> **WHAT THE EXERCISE ASKS**: For each line of the listing that contains "height", make a copy and return it.
━━━━━━━━━━━━━━━━
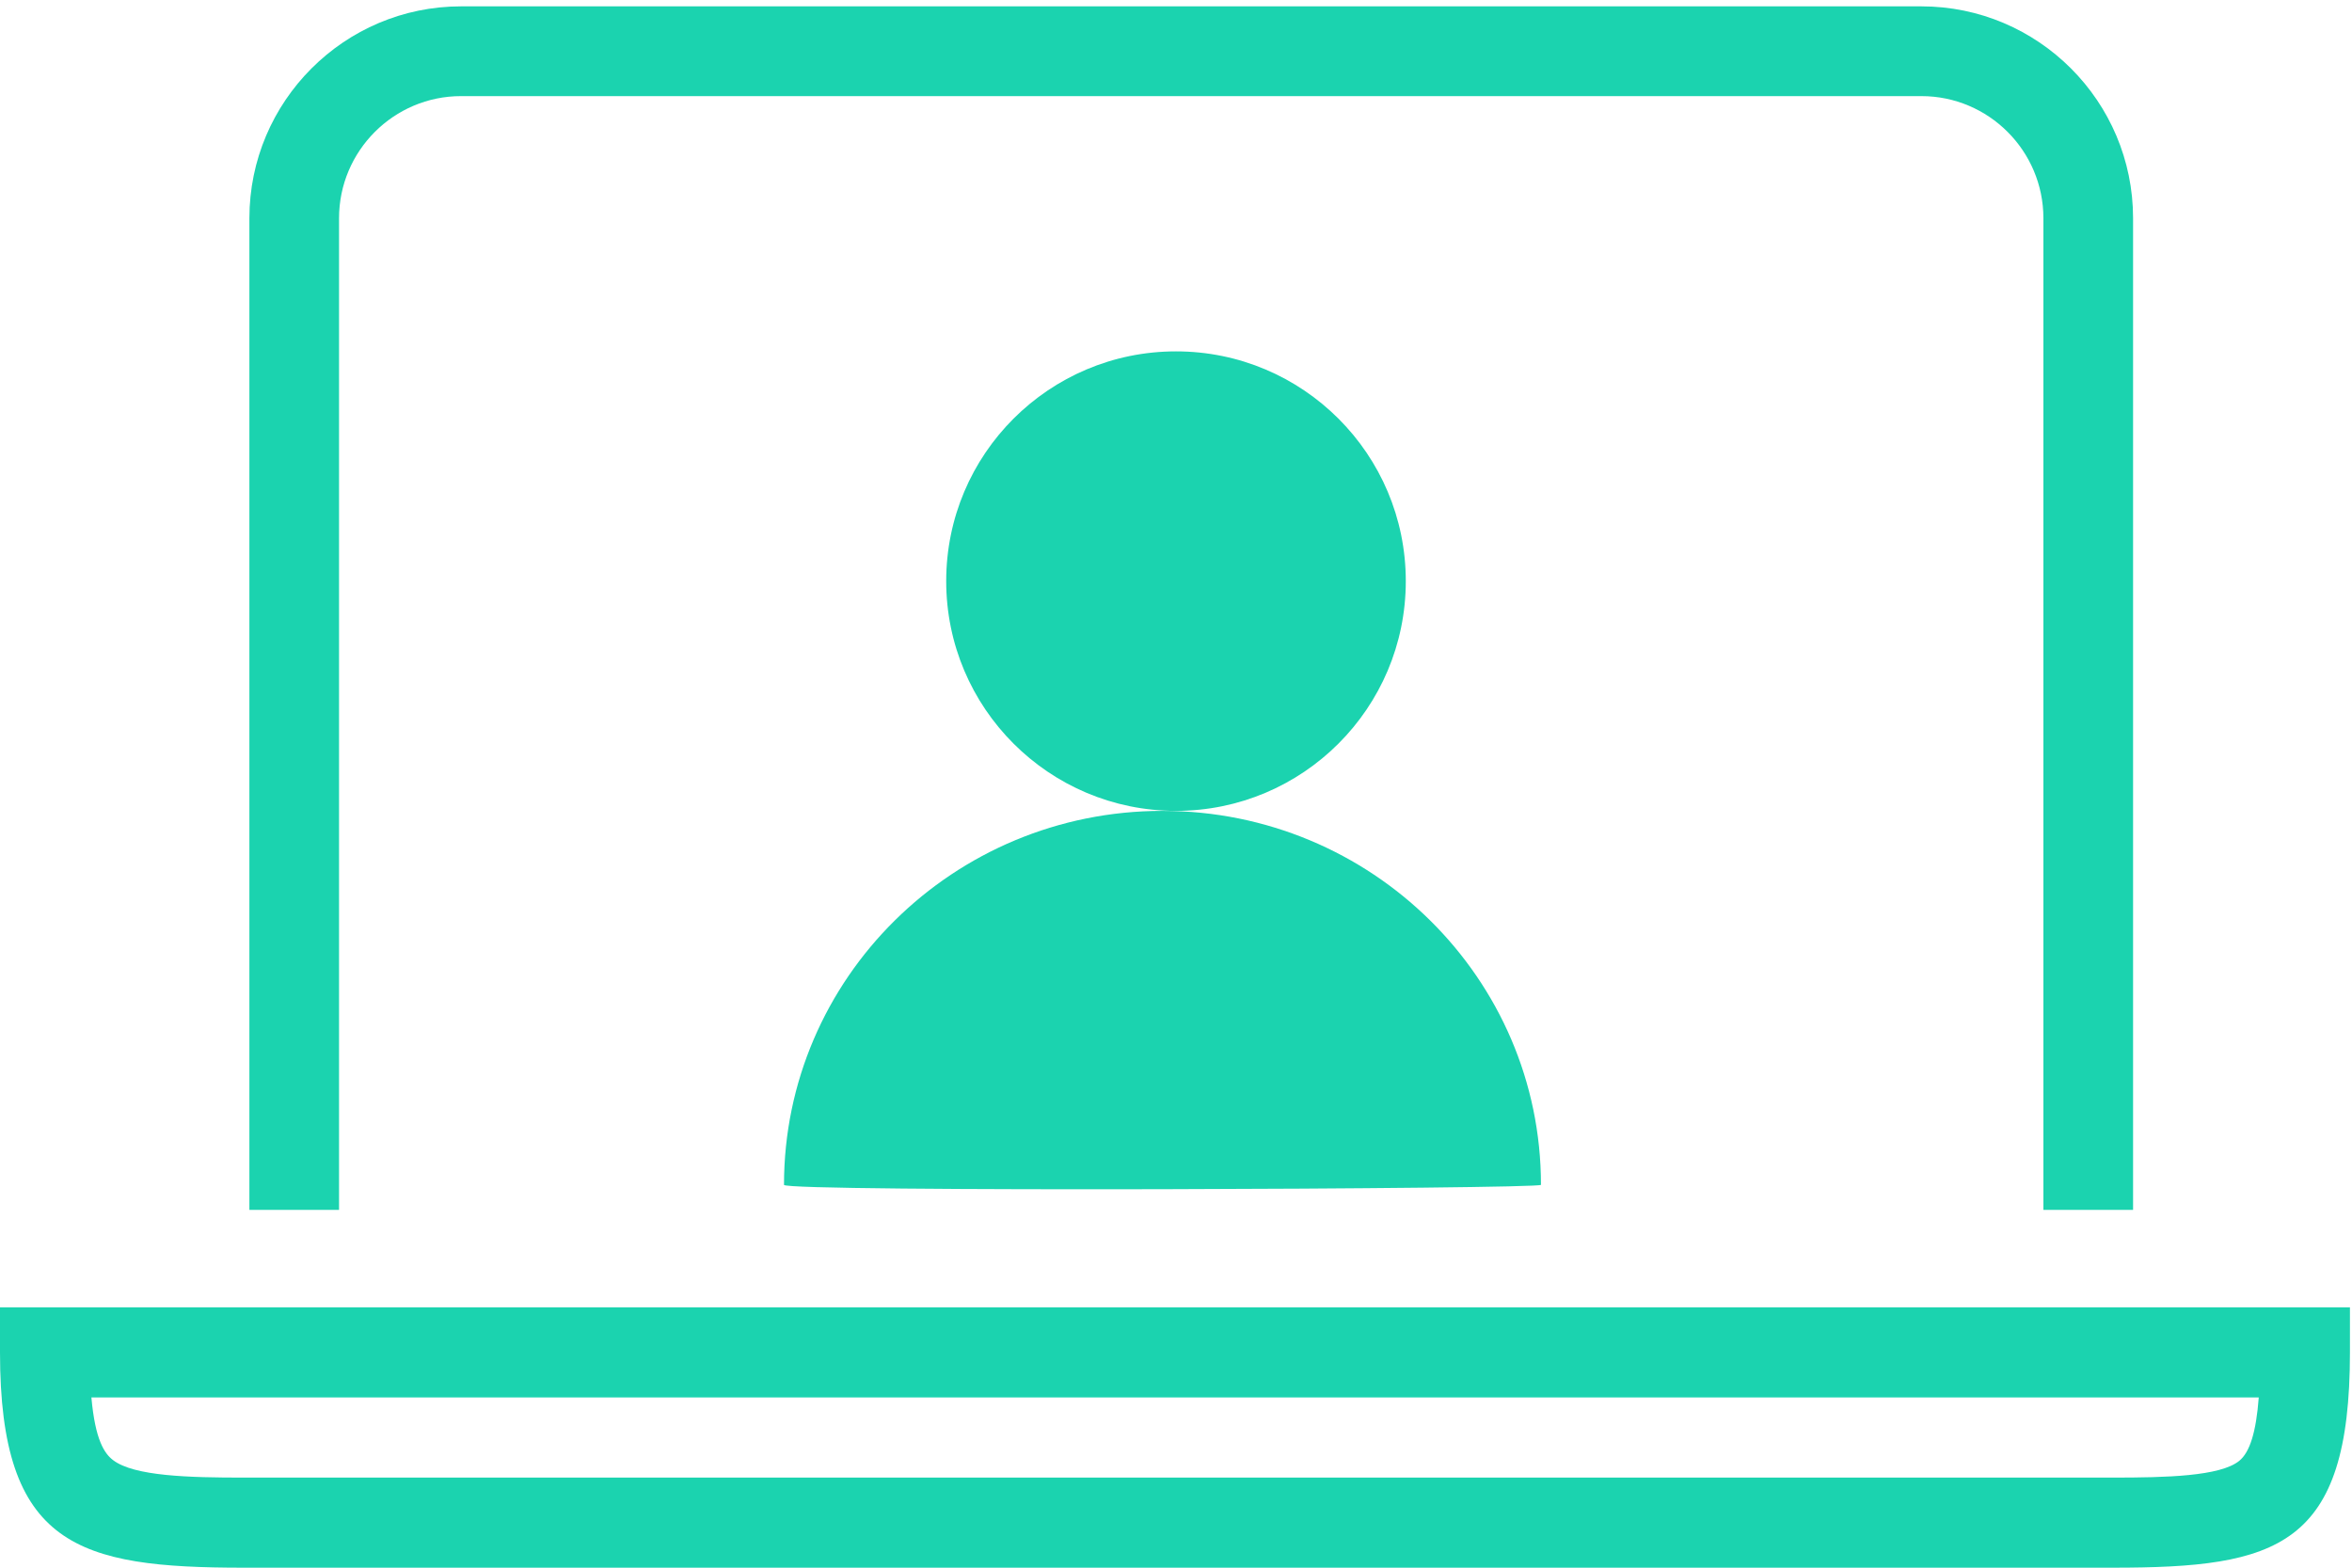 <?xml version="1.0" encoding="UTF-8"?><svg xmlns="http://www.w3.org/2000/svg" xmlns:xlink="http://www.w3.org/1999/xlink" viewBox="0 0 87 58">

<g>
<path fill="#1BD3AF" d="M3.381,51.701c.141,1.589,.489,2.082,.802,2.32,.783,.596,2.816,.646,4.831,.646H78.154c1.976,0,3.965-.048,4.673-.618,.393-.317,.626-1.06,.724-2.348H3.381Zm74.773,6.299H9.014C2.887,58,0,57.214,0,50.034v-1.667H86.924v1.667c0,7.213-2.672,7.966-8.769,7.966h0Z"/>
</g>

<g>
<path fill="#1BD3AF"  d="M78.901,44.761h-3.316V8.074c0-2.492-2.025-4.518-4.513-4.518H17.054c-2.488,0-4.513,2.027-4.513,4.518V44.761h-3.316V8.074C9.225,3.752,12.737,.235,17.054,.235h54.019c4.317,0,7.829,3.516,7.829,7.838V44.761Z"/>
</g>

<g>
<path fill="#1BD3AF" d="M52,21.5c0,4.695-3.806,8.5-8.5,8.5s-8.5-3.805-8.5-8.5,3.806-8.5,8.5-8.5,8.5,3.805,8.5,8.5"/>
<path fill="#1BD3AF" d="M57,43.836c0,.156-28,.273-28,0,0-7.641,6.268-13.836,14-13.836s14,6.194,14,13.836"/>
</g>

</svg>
━━━━━━━━━━━━━━━━
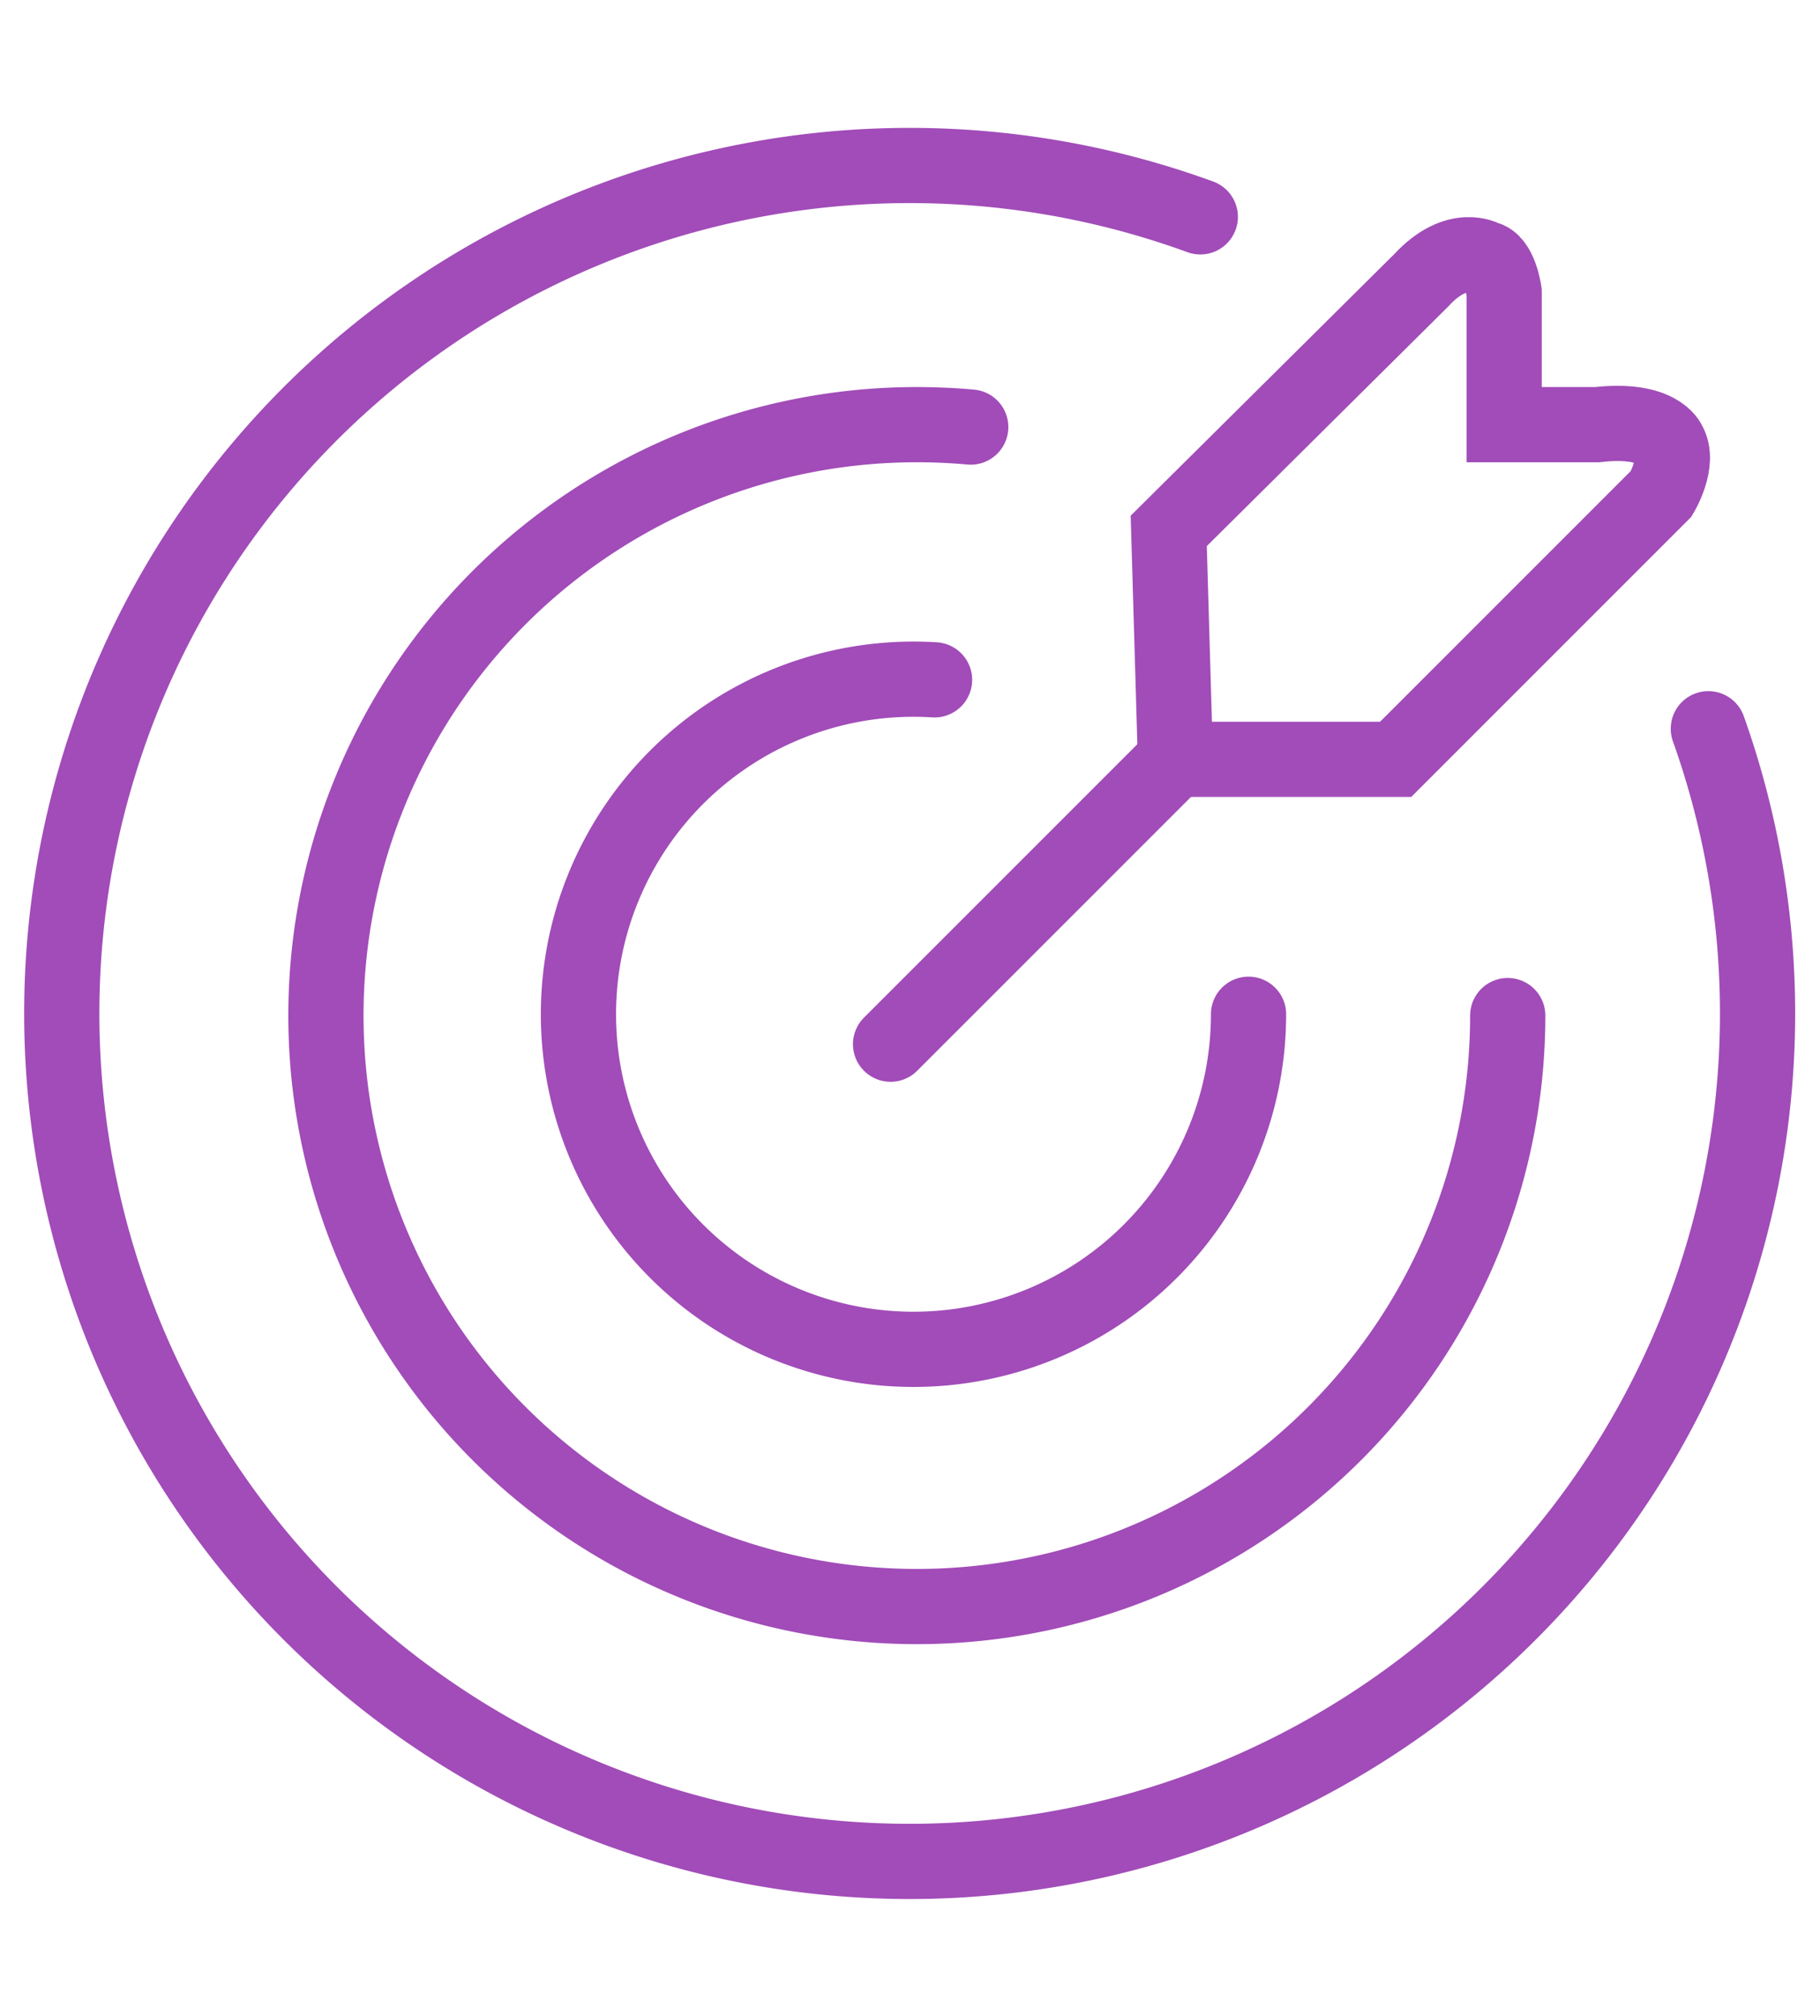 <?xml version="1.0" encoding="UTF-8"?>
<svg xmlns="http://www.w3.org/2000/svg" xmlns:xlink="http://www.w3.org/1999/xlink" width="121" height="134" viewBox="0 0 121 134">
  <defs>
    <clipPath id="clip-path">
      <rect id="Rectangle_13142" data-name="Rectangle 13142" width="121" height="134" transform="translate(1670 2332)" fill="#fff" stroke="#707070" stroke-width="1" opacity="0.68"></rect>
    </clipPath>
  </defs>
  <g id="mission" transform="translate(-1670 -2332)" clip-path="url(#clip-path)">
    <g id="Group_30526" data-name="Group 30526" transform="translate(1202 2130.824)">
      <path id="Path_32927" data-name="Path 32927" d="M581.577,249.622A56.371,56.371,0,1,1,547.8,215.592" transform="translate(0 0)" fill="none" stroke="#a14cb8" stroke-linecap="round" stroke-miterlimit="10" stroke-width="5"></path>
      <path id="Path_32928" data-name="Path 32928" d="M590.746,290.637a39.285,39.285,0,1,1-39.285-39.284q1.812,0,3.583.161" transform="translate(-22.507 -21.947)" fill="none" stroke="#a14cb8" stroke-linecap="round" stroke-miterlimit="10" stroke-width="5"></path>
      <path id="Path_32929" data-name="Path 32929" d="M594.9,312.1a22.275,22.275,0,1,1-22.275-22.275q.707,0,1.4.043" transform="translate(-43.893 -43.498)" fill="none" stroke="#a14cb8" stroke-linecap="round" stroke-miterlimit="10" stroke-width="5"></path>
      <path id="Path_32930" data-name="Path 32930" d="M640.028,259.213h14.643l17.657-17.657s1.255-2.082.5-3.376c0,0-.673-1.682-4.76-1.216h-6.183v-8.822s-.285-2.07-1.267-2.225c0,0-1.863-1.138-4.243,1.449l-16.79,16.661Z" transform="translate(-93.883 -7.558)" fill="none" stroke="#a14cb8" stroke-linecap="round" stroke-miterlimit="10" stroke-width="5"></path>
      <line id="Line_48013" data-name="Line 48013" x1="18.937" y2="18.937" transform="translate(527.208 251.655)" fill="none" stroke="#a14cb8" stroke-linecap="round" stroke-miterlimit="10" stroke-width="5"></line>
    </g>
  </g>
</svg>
━━━━━━━━━━━━━━━━
> **ANSWER SECTION**:
<svg xmlns="http://www.w3.org/2000/svg" xmlns:xlink="http://www.w3.org/1999/xlink" width="121" height="134" viewBox="0 0 121 134">
      <rect id="Rectangle_13142" data-name="Rectangle 13142" width="121" height="134" transform="translate(1670 2332)" fill="#fff" stroke="#707070" stroke-width="1" opacity="0.68"></rect>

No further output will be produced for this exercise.